● Your task:
Exact copies of the lines from the line containing "494.667,162.116 425.921,184.457 435.536,214.03" through the last line of the entries below are the whole answer.

● Data excerpts:
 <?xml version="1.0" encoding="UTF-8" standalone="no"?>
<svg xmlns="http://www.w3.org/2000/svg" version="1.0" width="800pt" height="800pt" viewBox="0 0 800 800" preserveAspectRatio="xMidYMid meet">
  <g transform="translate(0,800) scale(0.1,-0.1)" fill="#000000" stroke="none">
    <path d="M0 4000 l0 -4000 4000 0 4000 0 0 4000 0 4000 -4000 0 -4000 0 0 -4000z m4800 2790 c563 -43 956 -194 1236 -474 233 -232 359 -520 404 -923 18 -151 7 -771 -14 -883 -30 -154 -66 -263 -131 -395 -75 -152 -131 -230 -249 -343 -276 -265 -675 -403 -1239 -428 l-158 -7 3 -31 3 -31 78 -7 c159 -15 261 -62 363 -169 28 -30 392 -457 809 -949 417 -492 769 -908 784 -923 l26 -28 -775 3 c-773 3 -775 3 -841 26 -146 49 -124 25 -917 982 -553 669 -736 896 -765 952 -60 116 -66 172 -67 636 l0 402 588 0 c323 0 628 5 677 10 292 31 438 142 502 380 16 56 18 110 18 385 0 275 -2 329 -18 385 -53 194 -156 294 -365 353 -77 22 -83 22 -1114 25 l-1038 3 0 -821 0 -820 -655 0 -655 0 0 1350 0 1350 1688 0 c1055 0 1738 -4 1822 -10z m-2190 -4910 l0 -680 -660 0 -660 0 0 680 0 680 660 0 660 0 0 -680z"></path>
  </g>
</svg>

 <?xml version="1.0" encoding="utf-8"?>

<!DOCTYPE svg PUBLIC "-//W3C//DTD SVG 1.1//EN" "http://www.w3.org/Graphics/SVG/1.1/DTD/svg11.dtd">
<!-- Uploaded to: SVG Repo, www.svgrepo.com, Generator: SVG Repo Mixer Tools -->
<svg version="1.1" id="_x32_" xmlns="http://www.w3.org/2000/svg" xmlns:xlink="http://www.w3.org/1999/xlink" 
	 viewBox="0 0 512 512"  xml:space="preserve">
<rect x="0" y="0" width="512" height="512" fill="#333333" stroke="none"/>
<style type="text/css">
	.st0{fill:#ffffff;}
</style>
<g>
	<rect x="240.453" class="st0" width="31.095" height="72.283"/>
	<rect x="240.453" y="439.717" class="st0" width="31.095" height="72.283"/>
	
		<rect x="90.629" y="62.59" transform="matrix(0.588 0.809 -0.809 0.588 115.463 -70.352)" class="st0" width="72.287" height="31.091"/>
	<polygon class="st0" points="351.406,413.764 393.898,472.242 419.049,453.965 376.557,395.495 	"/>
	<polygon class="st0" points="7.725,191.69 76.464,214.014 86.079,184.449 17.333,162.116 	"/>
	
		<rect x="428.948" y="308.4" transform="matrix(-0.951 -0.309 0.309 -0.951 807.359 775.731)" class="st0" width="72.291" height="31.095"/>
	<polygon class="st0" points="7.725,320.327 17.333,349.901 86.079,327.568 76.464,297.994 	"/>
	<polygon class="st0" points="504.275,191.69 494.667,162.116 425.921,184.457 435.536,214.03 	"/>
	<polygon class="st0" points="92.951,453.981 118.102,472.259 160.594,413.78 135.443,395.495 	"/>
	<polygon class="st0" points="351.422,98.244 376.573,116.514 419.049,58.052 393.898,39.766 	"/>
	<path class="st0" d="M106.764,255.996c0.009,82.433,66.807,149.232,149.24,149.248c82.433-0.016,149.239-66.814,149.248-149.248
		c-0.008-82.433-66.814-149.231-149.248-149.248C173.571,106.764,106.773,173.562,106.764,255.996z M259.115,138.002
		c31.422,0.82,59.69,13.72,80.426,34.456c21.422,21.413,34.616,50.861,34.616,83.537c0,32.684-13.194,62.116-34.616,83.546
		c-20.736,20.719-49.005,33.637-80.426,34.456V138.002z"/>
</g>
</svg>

● Answer to this task:
	<polygon class="st0" points="504.275,191.69 494.667,162.116 425.921,184.457 435.536,214.03 	"/>
	<polygon class="st0" points="92.951,453.981 118.102,472.259 160.594,413.78 135.443,395.495 	"/>
	<polygon class="st0" points="351.422,98.244 376.573,116.514 419.049,58.052 393.898,39.766 	"/>
	<path class="st0" d="M106.764,255.996c0.009,82.433,66.807,149.232,149.24,149.248c82.433-0.016,149.239-66.814,149.248-149.248
		c-0.008-82.433-66.814-149.231-149.248-149.248C173.571,106.764,106.773,173.562,106.764,255.996z M259.115,138.002
		c31.422,0.82,59.69,13.72,80.426,34.456c21.422,21.413,34.616,50.861,34.616,83.537c0,32.684-13.194,62.116-34.616,83.546
		c-20.736,20.719-49.005,33.637-80.426,34.456V138.002z"/>
</g>
</svg>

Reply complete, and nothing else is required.